Heat stress is common in most cereal-growing areas of the world. Maize (Zea mays L.) is the world’s most extensively grown cereal and is the principal staple food in many developing countries (Cassman, 1999; Morris et al., 1999;Vasal, 2000). Maize production and productivity are prone to rapid and constant changes due to global warming related environmental changes (Porter 2005; Wahid et al., 2007) Varieties with increased resilience to abiotic and biotic stresses will play an important role in autonomous adaptation to climate change (Easterling et al., 2007; Fedoroff et al., 2010). These efforts are particularly important in regions like South Asia, where current production systems are not sustainable and could be adversely impacted by climate change in the near future (IPCC, 2007; Niyogi et al., 2010; Rodell et al., 2009; ADB, 2009). Several climate modeling studies have suggested future increases in both day- and night-time temperatures, which could adversely impact maize production in the tropical regions (Lobell et al., 2011a; Cairns et al., 2012).

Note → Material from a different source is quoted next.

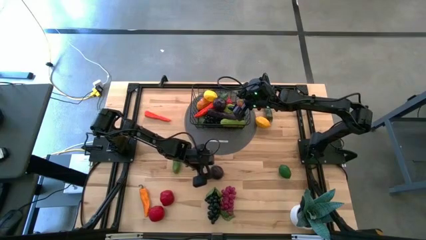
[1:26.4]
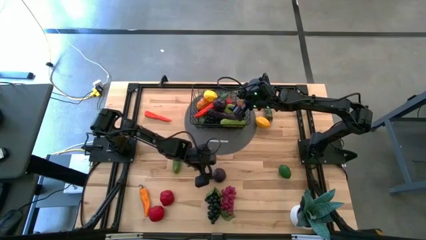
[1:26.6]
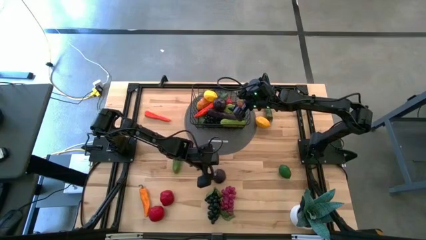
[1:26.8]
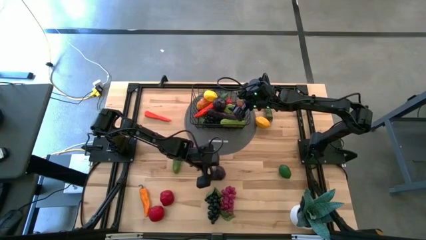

Maize genetics and breeding have undergone tremendous changes in the last few years. Molecular markers and doubled haploids (DH) have emerged as two most powerful technologies that are revolutionizing the way homozygous lines are developed in maize breeding programs (Mayor and Bernardo, 2009; Babu et al. 2013). Molecular marker-assisted breeding (referred commonly as molecular breeding), which seeks to accelerate the pace of phenotype-based breeding in resource-efficient manner, is gaining significance as more and more marker-trait associations are discovered, validated and becoming available for integration into product-oriented breeding pipelines. Besides marker-assisted selection (MAS) for simply inherited traits, whole genome-based ‘genomic selection’ (GS) has emerged as a powerful strategy for improving polygenic/complex traits such as abiotic stress tolerance or micronutrient concentrations. DH technology significantly reduces the time required to obtain genetically homozygous and pure lines compared to conventional inbreeding. Besides maximum genetic variance and increased precision in estimating the genotypic value of DH lines, this approach permits early selection of prospective hybrids, simplifies the logistics of inbred seed increase and maintenance and allows quick fixation of favorable alleles at quantitative trait loci (QTL) (Mayor and Bernardo, 2009; Lubberstedt and Ursula , 2012).
Though QTL mapping experiments successfully identified a number of small effect genomic regions, did not translate into tangible germplasm products especially for complex traits such as abiotic
stress tolerance or polygenic biotic stress resistance (Bernardo, 2010). A more recent breakthrough is “genomic selection” (Meeuwissesn, 2001) which takes into account genome-wide marker polymorphisms rather than specific genomic regions (or a priori QTL information), and promises to overcome many constraints associated with conventional QTL mapping based MAS. GS approach met with significant success in a number of animal breeding programs, and is currently being actively researched in the plant breeding realm especially for complex/polygenic trait improvement. This approach doesn’t require prior QTL information and focuses entirely on prediction of performance. Selections are typically performed based on GEBVs (Genomic estimated breeding values), which are calculated for each individual in the population by fitting all the polymorphic markers as random effects in a linear model. Genome-wide selection is likely to be useful for complex traits, governed by numerous minor QTLs with a low heritability.
Thus, advances in molecular technologies and strategies, coupled with new tools for abiotic stress phenotyping will provide a powerful combination for developing climate change resilient maize, for stress-prone agro-ecologies of India.
a. To evaluate test cross hybrids of Double Haploids [DH] lines that are derived from interconnected bi-parental populations under heat stress and optimal conditions at multiple locations for grain yield and other associated secondary traits.
b. To investigate the relationship between per se versus test cross performance of DH lines evaluated under heat stress conditions
c. To develop and validate a genomic selection model for resource-efficient identification of heat tolerant and high yielding DH lines derived from full- and half-sib populations
d. To systematically investigate how the composition of training population (TP) affects prediction accuracies for grain yield and other secondary traits associated with heat tolerance of DH lines obtained from individual crosses with different levels of relatedness.